Flic flac floc

Paris était humide la pluie m’enquiquinait.

« Au hasard des rendez-vous à vélo, à pied, sans détour, au hasard du jour. Il n’y a pas de travail. Il n’y a pas d’idées. Il n’y a que des planches contact mouchards de mes trajets en ville. Sans renier cette idée que le chemin est plus important que le but ». Raymond Depardon. « Paris Journal » Editions Hazan.

Je passais mon chemin dans le quartier de la gare Saint Lazare à l’arrière là où arrivent les trains, au dessus des voies, à l’endroit même où la fameuse photo de Cartier-Bresson a été prise. J’ai essayé de me souvenir de quel endroit il l’avait prise mais les voiries actuelles ont bien changé et son immense flaque a bien peu de chance de se remettre en eau.

La petite horloge au dessus de la verrière par contre semble encore bien dans son jus.

© Henri Cartier-Bresson, Derrière la gare Saint-Lazare, Paris, 1932

Plus loin mes pensées se connectaient avec une photo de Ronis prise vers la Place Vendôme justement intitulé Place Vendôme. Là aussi quelqu’un sautait une flaque mais juste au bord d’un trottoir avec la colonne entre jambes .

© Willy Ronis Place Vendôme 1947

Cheminant vers le métro Rome où mon métro m’attendait, ces deux photos à l’esprit, une belle mare d’eau barrait le chemin des piétons voulant poursuivre leur route.
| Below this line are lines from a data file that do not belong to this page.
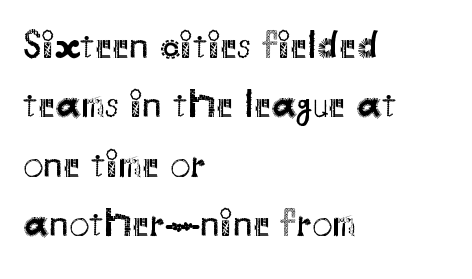
Q: Is the text bold? A: No.
Q: Is the text italic (slanted)? A: No, it is upright.
Q: Is the typeface a serif or a sans-serif typeface? A: Sans-serif.
Q: Is the text underlined? A: No.
Q: How is the paragraph aligned? A: Left-aligned.
Q: Is the spacing between letters normal or unusually wide? A: Normal.
Q: Is the spacing between lines tight, normal or loose? A: Normal.
Q: Width (condensed, normal, or wide)? A: Normal.
Q: Stroke contrast? A: Medium.
Q: x-height? A: Small.
Q: Monospaced? A: No.
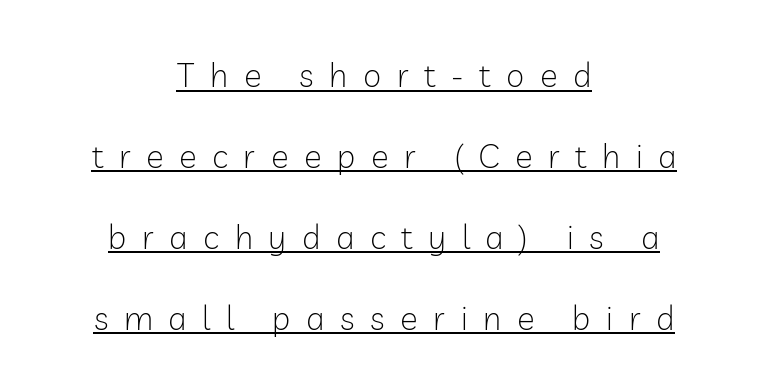
Q: Is the text bold? A: No.
Q: Is the text italic (slanted)? A: No, it is upright.
Q: Is the typeface a serif or a sans-serif typeface? A: Sans-serif.
Q: Is the text underlined? A: Yes.
Q: How is the paragraph aligned? A: Centered.
Q: Is the spacing between letters normal or unusually wide? A: Unusually wide.
Q: Is the spacing between lines tight, normal or loose? A: Loose.
Q: Width (condensed, normal, or wide)? A: Normal.
Q: Stroke contrast? A: Low.
Q: x-height? A: Medium.
Q: Monospaced? A: No.
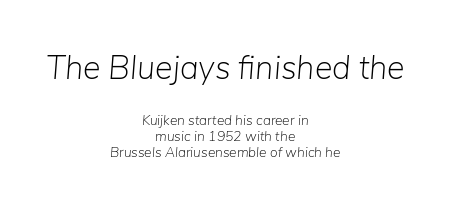
The image shows 33 px light type, italic (leaning right); set centered, line spacing 1.16x, normal letter spacing, not underlined; the first (top) block is 2.36x larger; low stroke contrast and a medium x-height.
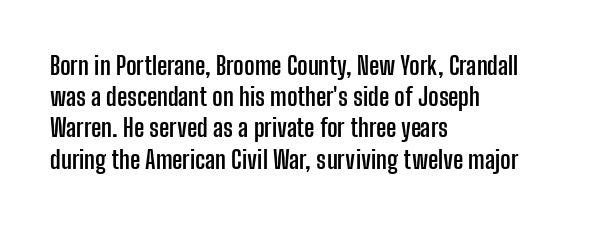
The image shows 25 px bold type, upright; set left-aligned, normal line spacing (1.25x), normal letter spacing, not underlined.
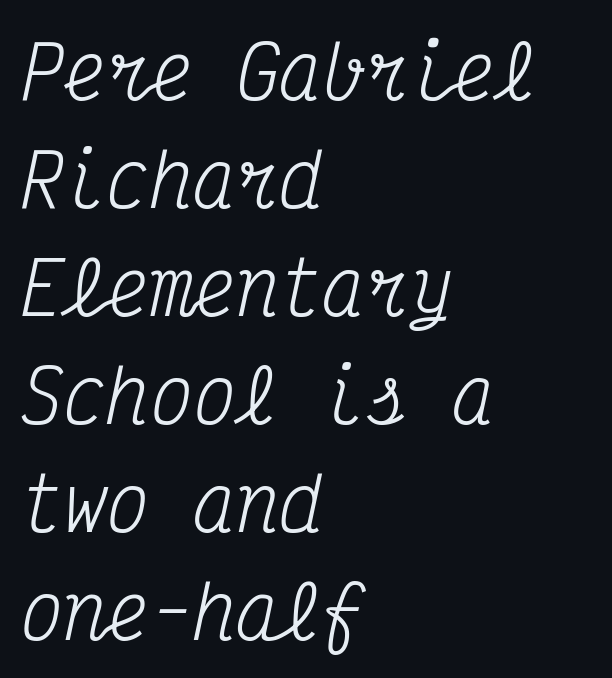
Q: Is the text bold? A: No.
Q: Is the text italic (slanted)? A: Yes, it leans right by about 12 degrees.
Q: Is the typeface a serif or a sans-serif typeface? A: Serif.
Q: Is the text underlined? A: No.
Q: How is the paragraph aligned? A: Left-aligned.
Q: Is the spacing between letters normal or unusually wide? A: Normal.
Q: Is the spacing between lines tight, normal or loose? A: Normal.
Q: Width (condensed, normal, or wide)? A: Condensed.
Q: Stroke contrast? A: Medium.
Q: x-height? A: Medium.
Q: Monospaced? A: Yes.
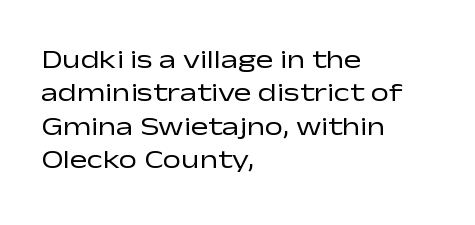
Compared with typical paragraphs, the rows here are spaced about the same. The letters stand straight up with perfectly vertical stems. Short and long lines alike share a common starting point at left. Is the stroke heavy? The answer is a plain regular-or-lighter. In terms of letterspacing, this is plain default setting. Just letters on the line, the space beneath them empty.
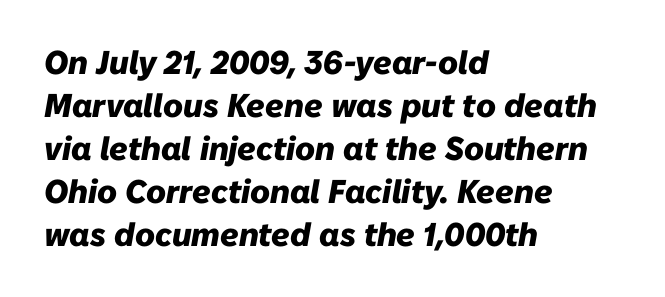
The image shows 33 px heavy type, italic (leaning right); set left-aligned, normal line spacing (1.3x), normal letter spacing, not underlined; low stroke contrast and a medium x-height.
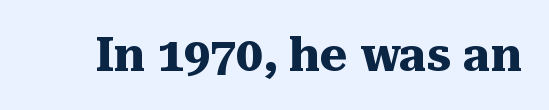
{"serif": "yes", "italic": "no", "bold": "yes", "weight": "heavy", "width": "normal", "stroke_contrast": "medium", "x_height": "medium", "monospaced": "no", "underline": "no", "letter_spacing": "normal", "letter_spacing_em": 0.0, "glyph_px": 47}
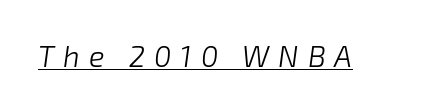
The image shows 29 px light type, italic (leaning right); set unusually wide letter spacing (+0.31 em), underlined; low stroke contrast and a medium x-height.

Quasiment obligés de bondir au-dessus des eaux pour se rendre à la station de métro toute proche.

Quelques instants suffirent pour quelques prises. Le reflet trouble, les passants bondissent les uns derrière les autres, le photographe saisit, une petite dizaine j’ai choisi ces trois là.

Personne ne se soucie de ma présence tout concentrés qu’ils sont « pour ne pas rentrer les pieds trempés».